Exercise data:
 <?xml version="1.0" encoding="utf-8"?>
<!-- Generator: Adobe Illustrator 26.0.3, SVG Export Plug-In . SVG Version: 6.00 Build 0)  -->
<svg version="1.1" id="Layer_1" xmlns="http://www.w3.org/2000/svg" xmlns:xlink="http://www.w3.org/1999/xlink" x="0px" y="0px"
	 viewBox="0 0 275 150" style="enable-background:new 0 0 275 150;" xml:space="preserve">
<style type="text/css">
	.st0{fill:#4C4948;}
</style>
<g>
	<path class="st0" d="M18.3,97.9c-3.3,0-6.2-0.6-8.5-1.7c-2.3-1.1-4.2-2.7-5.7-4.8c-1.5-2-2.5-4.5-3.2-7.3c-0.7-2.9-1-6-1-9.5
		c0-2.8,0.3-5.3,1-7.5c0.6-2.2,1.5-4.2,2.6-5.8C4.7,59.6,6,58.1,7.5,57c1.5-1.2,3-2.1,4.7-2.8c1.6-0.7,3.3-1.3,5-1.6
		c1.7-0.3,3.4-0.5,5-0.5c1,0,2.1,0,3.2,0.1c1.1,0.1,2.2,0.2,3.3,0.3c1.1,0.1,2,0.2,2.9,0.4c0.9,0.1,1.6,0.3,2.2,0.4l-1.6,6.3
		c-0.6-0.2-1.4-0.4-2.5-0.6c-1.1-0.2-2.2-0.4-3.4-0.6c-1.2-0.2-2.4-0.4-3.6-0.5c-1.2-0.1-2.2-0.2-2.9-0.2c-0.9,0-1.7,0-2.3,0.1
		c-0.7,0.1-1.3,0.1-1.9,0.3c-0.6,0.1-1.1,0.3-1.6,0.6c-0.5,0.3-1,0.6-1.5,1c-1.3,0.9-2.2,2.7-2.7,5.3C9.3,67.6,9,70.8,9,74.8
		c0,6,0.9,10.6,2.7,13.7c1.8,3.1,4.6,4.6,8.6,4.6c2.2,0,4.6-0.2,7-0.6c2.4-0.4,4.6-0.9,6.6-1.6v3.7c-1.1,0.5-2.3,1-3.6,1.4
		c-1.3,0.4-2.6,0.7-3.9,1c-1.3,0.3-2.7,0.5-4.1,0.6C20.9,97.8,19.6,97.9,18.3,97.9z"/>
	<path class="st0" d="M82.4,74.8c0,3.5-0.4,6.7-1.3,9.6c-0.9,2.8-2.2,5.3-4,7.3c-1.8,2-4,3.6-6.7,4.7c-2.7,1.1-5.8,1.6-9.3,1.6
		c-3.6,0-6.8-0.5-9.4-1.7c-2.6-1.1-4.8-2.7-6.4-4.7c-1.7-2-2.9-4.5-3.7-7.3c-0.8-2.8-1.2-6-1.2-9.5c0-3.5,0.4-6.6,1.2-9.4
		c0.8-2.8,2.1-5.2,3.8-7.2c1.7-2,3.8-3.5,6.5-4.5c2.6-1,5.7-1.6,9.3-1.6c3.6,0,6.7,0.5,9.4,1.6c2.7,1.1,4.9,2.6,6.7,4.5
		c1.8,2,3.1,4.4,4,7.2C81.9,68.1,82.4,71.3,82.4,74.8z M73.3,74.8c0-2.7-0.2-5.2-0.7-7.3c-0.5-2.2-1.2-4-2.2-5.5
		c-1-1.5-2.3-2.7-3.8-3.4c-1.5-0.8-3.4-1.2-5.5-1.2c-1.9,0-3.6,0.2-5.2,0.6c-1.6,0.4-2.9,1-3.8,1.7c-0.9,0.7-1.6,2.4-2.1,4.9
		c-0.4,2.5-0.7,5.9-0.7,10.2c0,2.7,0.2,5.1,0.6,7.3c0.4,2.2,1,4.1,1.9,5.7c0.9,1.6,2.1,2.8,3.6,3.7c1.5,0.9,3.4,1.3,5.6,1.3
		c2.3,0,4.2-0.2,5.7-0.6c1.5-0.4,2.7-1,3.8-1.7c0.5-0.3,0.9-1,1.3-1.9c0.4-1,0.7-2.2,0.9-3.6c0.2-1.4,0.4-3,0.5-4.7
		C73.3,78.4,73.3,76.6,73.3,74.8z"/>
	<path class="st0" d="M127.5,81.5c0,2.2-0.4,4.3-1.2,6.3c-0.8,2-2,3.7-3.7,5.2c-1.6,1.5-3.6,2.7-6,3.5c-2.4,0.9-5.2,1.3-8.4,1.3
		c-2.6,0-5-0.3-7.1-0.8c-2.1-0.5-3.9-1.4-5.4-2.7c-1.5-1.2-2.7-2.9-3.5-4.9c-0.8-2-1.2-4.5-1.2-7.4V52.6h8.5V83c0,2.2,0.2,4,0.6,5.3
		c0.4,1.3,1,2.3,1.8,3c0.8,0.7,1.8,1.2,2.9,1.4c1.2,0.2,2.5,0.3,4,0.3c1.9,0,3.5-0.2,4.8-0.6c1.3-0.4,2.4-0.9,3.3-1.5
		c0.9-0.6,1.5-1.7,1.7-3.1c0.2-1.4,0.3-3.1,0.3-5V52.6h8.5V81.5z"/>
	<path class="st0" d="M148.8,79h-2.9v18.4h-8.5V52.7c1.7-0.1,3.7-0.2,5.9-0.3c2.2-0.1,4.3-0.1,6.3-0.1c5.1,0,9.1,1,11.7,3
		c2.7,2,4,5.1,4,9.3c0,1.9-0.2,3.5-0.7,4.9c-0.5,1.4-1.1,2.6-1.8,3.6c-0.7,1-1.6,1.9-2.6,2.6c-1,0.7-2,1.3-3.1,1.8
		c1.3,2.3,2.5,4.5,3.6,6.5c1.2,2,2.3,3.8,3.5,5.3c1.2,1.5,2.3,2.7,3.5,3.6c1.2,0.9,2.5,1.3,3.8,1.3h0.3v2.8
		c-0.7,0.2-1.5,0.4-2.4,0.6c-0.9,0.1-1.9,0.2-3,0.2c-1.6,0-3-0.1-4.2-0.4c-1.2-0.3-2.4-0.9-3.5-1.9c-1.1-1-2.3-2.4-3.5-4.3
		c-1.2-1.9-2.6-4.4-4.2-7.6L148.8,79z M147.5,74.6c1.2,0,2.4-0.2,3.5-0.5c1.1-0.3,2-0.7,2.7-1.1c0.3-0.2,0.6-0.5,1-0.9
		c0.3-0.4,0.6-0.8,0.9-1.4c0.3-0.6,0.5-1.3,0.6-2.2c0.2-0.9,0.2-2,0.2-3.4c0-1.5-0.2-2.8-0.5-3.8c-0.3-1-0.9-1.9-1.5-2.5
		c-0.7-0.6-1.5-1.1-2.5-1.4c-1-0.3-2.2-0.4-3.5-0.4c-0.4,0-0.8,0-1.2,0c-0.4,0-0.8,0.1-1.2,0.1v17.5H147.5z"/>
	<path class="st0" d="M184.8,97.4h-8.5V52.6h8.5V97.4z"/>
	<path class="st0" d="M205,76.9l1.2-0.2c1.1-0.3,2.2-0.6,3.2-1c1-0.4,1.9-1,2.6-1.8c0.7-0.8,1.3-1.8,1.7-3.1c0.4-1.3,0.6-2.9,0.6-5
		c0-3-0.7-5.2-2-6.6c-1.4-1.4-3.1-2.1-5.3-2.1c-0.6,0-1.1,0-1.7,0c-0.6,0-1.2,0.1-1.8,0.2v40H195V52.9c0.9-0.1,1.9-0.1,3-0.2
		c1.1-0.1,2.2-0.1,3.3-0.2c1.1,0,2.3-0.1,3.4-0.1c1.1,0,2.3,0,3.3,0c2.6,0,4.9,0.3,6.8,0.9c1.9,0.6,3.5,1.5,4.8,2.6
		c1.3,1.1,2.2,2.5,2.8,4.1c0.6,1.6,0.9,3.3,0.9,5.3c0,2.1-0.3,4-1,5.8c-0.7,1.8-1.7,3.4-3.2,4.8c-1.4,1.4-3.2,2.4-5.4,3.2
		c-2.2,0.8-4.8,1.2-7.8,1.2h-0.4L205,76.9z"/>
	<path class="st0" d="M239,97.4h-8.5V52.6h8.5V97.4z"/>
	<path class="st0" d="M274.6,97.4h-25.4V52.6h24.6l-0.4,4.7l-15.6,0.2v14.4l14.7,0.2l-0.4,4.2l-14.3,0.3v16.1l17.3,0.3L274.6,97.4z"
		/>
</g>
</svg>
---
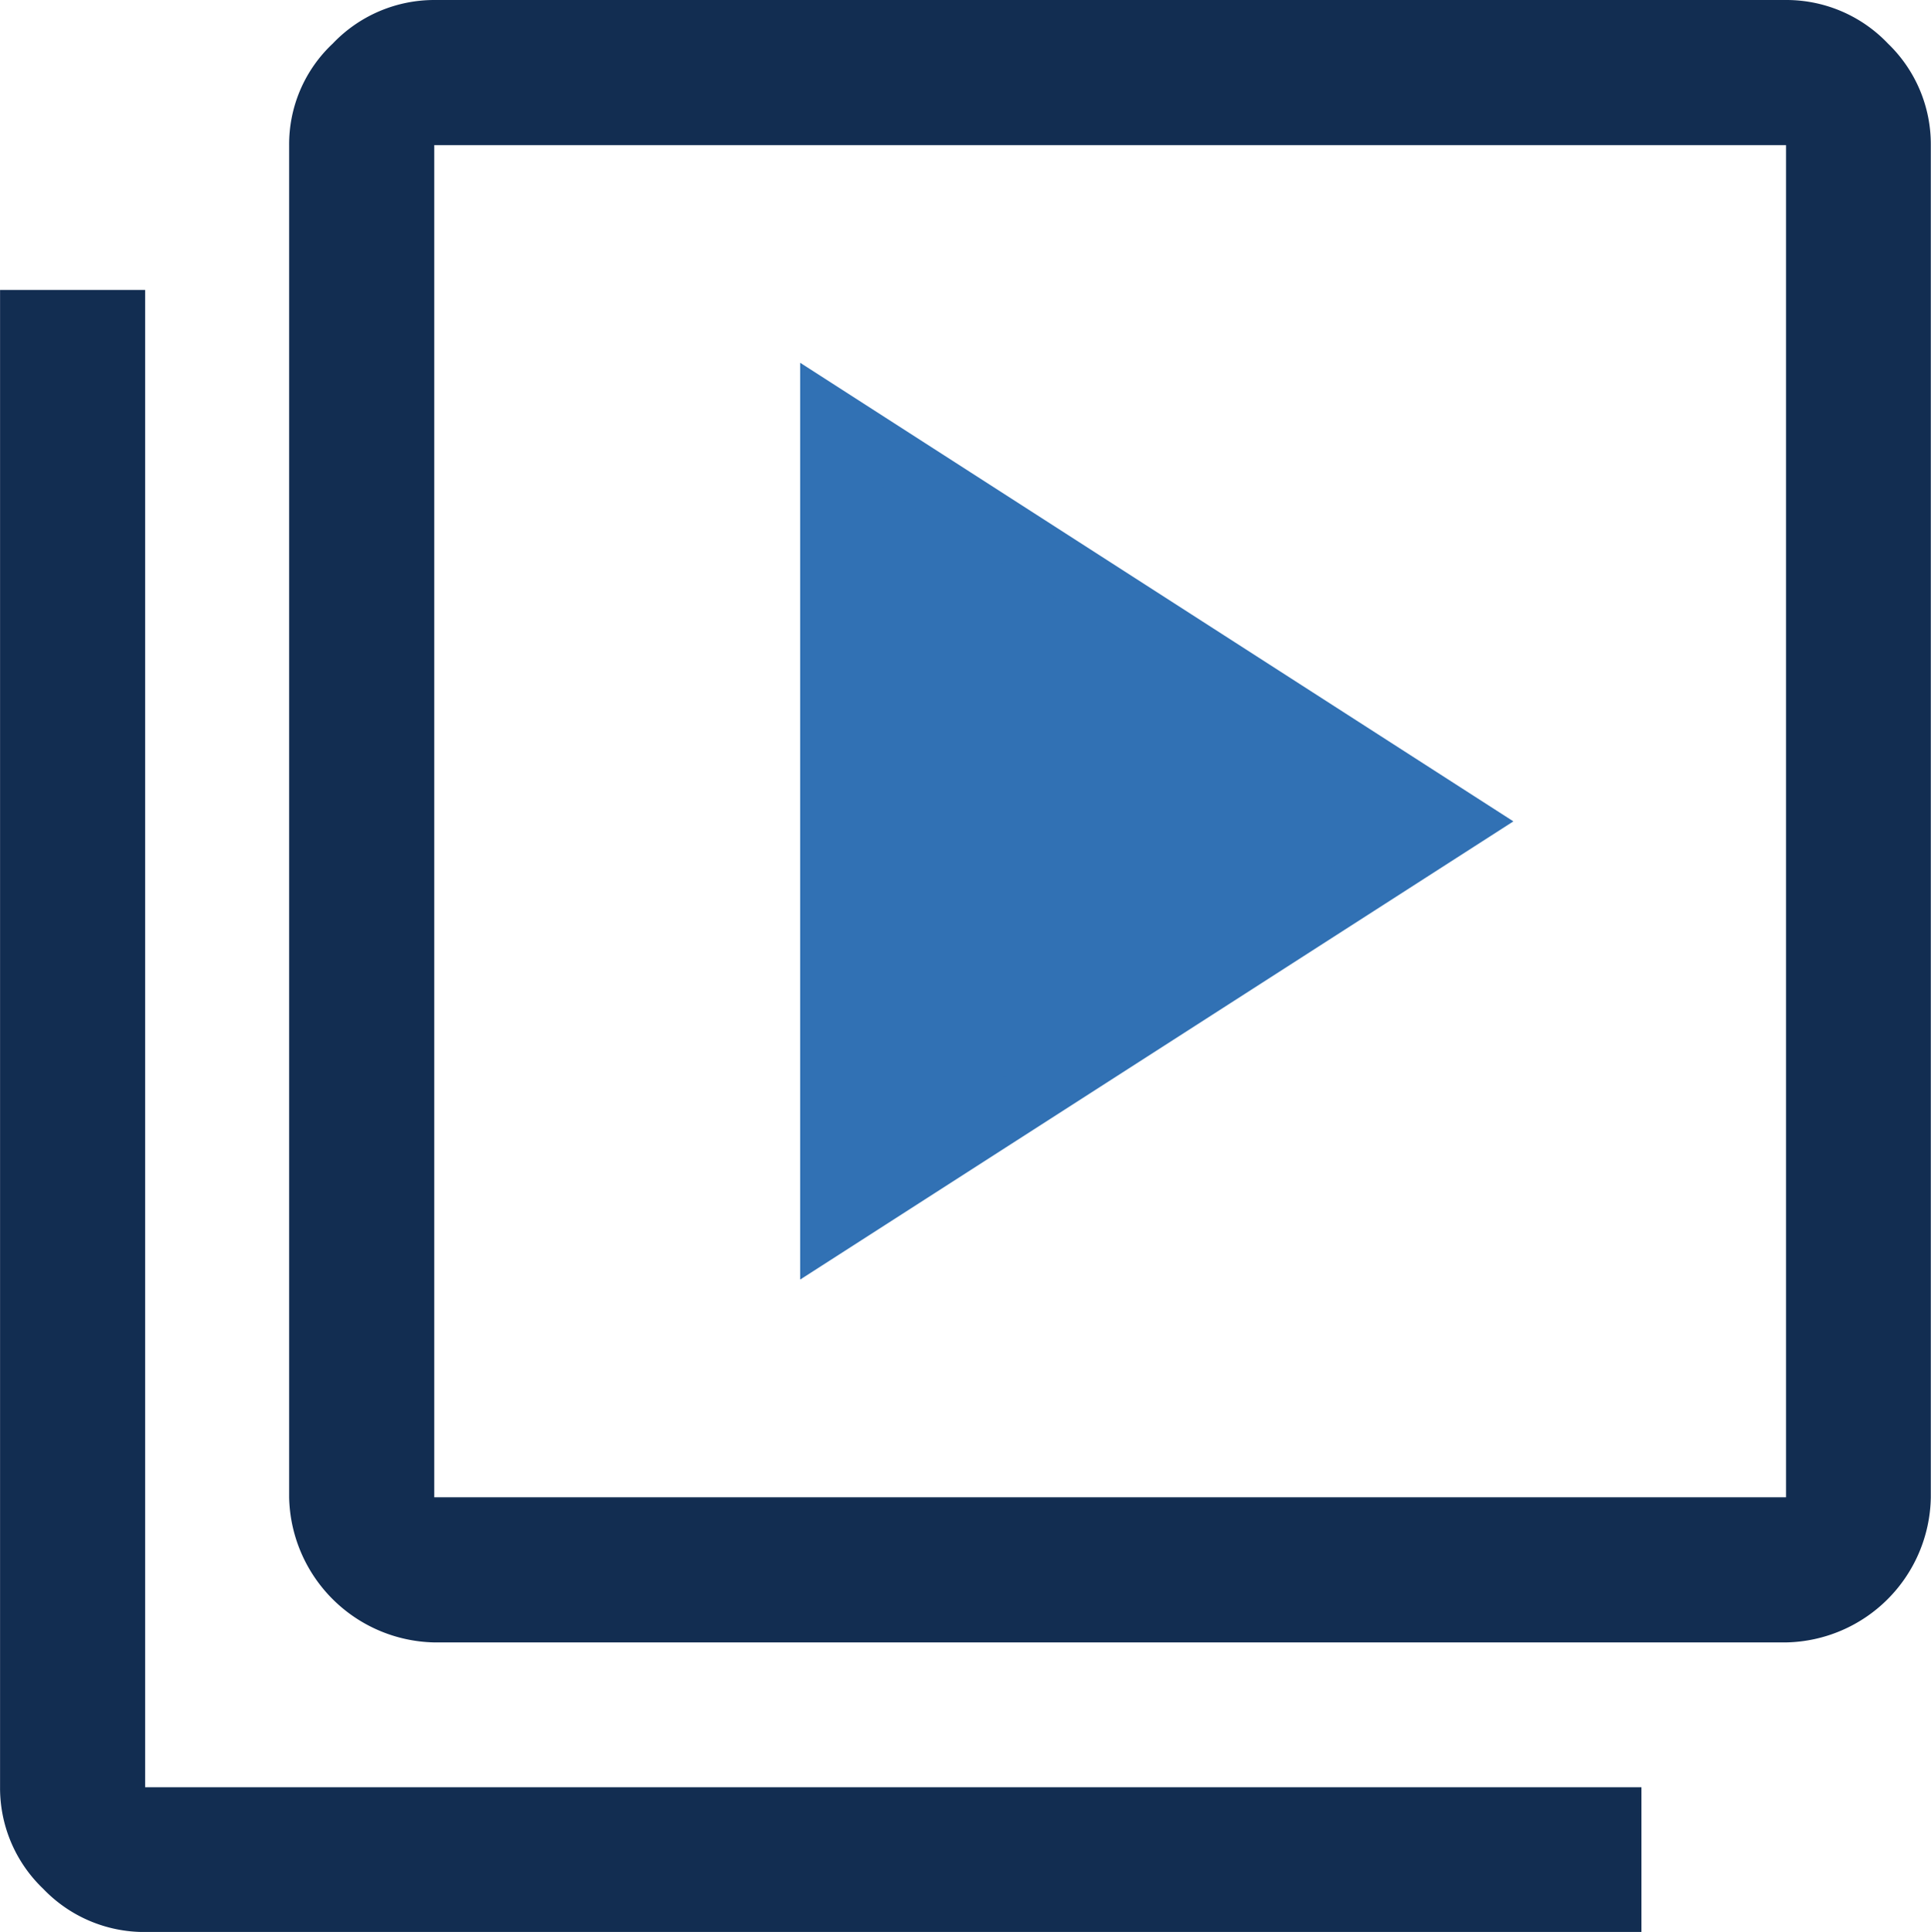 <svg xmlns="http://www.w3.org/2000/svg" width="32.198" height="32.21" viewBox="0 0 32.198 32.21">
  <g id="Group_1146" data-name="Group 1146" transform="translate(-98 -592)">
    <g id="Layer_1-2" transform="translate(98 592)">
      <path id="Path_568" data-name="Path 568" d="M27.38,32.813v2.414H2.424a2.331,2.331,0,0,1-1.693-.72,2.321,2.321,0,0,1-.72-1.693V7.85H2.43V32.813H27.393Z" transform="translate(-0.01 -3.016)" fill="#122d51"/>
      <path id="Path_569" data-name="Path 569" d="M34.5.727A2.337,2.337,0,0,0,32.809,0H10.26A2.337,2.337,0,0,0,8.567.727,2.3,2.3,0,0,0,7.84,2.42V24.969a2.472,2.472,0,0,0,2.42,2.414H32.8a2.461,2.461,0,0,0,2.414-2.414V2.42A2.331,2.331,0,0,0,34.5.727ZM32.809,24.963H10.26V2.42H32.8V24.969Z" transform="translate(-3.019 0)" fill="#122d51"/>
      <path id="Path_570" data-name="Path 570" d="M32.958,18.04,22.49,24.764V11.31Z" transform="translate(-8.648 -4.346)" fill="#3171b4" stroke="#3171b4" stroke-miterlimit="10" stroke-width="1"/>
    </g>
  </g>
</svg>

Work instructions: In the records, find every line that has the string "style" and copy it.

Your response:
	 viewBox="0 0 275 150" style="enable-background:new 0 0 275 150;" xml:space="preserve">
<style type="text/css">
</style>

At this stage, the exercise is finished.